Work task —
Using the listing below, say how many of its lines hold "http". Offer nothing beyond the number.
===== Raw data
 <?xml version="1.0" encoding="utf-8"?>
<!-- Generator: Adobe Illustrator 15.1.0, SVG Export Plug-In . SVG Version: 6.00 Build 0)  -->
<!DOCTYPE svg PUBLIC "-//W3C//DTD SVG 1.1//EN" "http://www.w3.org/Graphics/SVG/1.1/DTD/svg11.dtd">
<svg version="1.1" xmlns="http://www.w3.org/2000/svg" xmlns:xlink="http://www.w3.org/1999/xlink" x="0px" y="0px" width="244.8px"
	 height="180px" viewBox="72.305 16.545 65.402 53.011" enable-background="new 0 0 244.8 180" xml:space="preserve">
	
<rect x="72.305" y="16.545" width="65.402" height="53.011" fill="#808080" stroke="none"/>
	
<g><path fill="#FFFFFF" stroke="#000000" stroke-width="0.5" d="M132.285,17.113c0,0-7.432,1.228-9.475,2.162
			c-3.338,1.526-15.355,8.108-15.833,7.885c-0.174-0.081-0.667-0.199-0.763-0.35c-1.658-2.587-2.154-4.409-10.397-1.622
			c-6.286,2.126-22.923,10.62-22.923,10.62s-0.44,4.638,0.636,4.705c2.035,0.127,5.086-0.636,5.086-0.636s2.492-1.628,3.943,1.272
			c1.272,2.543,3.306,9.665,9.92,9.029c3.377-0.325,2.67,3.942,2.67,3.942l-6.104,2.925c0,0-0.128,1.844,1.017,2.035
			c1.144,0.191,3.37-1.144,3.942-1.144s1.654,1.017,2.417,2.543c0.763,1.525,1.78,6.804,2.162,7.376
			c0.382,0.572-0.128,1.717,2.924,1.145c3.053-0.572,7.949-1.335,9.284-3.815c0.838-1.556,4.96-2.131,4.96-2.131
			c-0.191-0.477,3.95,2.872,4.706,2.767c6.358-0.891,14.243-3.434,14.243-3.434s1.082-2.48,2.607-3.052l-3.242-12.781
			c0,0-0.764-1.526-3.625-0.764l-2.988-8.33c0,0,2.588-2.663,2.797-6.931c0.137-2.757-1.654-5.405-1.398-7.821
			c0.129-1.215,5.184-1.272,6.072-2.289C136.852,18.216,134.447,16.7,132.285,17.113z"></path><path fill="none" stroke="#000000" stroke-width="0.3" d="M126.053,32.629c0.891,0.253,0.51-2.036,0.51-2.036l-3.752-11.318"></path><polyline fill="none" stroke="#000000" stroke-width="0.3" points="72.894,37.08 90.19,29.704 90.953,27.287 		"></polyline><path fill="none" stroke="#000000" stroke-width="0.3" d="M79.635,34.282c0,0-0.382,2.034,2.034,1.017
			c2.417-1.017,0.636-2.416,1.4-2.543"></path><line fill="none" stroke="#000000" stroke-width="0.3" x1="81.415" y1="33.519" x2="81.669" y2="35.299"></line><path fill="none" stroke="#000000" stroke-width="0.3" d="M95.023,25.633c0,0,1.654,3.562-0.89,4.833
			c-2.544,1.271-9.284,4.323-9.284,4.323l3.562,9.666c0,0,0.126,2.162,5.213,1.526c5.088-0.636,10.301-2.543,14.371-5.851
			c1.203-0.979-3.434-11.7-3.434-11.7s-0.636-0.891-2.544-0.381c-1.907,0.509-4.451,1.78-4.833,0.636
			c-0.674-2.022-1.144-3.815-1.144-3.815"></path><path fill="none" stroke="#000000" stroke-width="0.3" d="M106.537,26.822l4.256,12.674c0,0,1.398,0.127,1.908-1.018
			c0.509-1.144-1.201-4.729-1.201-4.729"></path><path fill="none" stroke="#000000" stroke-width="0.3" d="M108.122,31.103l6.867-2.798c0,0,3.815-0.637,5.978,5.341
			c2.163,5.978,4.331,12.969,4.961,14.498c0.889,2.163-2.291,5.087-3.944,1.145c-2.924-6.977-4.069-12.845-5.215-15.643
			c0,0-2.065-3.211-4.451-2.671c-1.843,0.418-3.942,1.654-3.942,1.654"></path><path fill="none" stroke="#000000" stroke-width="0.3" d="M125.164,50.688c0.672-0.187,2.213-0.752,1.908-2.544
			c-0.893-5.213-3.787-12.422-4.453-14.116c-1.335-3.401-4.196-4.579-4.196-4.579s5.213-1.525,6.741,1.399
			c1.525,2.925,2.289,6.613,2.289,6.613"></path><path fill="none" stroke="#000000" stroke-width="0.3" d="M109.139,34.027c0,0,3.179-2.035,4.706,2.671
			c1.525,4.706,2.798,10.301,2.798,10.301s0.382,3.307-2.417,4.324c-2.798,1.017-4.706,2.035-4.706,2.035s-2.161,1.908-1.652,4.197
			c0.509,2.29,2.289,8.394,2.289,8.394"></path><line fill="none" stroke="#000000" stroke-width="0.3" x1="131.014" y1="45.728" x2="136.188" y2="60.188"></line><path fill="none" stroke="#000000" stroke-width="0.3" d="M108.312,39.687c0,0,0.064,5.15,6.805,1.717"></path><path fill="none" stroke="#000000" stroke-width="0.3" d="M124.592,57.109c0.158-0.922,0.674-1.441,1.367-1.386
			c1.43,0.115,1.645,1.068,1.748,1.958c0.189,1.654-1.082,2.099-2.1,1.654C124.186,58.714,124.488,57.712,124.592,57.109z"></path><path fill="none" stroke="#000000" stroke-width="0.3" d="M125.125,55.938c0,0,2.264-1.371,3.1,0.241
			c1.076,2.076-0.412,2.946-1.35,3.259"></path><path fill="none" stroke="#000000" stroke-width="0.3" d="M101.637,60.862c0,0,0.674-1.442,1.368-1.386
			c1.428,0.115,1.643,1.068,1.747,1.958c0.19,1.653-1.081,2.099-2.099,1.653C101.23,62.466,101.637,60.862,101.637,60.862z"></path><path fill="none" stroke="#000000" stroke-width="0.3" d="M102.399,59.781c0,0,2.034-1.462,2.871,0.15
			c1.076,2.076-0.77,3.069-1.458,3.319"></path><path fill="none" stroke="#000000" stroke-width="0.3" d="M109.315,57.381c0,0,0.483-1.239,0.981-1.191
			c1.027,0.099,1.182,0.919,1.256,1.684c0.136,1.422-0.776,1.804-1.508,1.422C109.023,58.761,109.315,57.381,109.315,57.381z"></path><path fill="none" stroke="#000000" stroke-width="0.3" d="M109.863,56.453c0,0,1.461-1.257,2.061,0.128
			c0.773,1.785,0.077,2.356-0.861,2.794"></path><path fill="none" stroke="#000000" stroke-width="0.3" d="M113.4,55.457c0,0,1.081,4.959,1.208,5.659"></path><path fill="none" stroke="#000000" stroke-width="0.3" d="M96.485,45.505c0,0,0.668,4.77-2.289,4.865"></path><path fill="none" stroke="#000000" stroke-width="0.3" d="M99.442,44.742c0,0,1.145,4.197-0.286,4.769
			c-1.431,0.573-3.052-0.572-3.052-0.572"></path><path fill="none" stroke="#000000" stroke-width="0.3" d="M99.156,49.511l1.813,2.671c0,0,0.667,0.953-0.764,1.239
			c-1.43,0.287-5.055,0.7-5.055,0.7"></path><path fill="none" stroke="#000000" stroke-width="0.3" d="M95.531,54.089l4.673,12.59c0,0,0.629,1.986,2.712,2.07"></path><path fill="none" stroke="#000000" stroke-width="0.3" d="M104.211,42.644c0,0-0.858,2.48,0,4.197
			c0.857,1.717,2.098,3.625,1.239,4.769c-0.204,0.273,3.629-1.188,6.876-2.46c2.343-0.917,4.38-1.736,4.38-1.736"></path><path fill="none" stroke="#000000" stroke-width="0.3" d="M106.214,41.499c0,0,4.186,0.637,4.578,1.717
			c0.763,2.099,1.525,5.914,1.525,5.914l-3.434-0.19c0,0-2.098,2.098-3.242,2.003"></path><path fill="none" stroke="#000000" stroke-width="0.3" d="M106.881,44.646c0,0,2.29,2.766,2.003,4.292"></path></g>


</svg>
==========
Answer to this exercise —
2